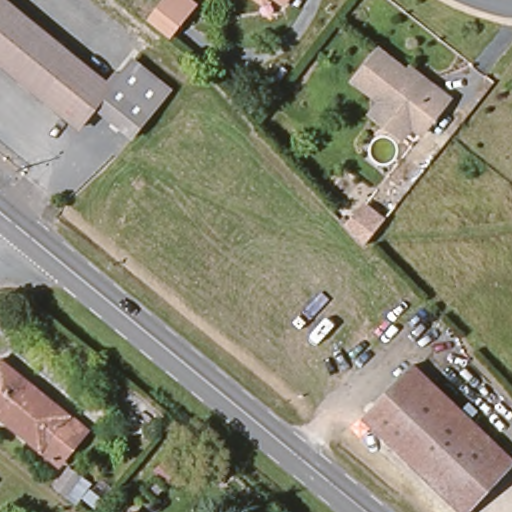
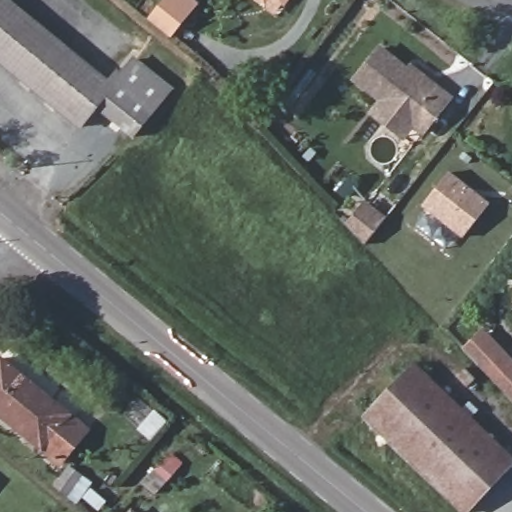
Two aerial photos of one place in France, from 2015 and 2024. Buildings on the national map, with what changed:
unchanged [(84,129),(0,58),(0,0),(13,0),(116,86),(125,76),(130,79),(101,109),(84,129)]
unchanged [(193,0),(203,8),(199,13),(179,38),(156,20),(173,0),(193,0)]
unchanged [(270,0),(272,0),(271,1),(270,0)]
unchanged [(288,0),(290,0),(289,1),(288,0)]
unchanged [(391,50),(420,71),(423,67),(449,87),(463,98),(435,134),(368,81),(391,50)]
unchanged [(144,64),(180,93),(140,140),(139,141),(101,109),(130,79),(144,64)]
new [(421,207),(448,172),(489,204),(462,237),(421,207)]
unchanged [(359,239),(377,217),(396,233),(377,258),(359,239)]
new [(512,361),(512,402),(462,349),(483,331),(512,361)]
unchanged [(43,442),(0,408),(0,354),(1,353),(73,410),(88,423),(59,455),(43,442)]
unchanged [(474,512),(467,512),(369,418),(417,367),(512,457),(512,470),(474,512)]
━━━
:: Exercise goal ::
The required output is each line above restated verbatim, with all images omitted.

:: Solution to this task ::
Two aerial photos of one place in France, from 2015 and 2024. Buildings on the national map, with what changed:
unchanged [(84,129),(0,58),(0,0),(13,0),(116,86),(125,76),(130,79),(101,109),(84,129)]
unchanged [(193,0),(203,8),(199,13),(179,38),(156,20),(173,0),(193,0)]
unchanged [(270,0),(272,0),(271,1),(270,0)]
unchanged [(288,0),(290,0),(289,1),(288,0)]
unchanged [(391,50),(420,71),(423,67),(449,87),(463,98),(435,134),(368,81),(391,50)]
unchanged [(144,64),(180,93),(140,140),(139,141),(101,109),(130,79),(144,64)]
new [(421,207),(448,172),(489,204),(462,237),(421,207)]
unchanged [(359,239),(377,217),(396,233),(377,258),(359,239)]
new [(512,361),(512,402),(462,349),(483,331),(512,361)]
unchanged [(43,442),(0,408),(0,354),(1,353),(73,410),(88,423),(59,455),(43,442)]
unchanged [(474,512),(467,512),(369,418),(417,367),(512,457),(512,470),(474,512)]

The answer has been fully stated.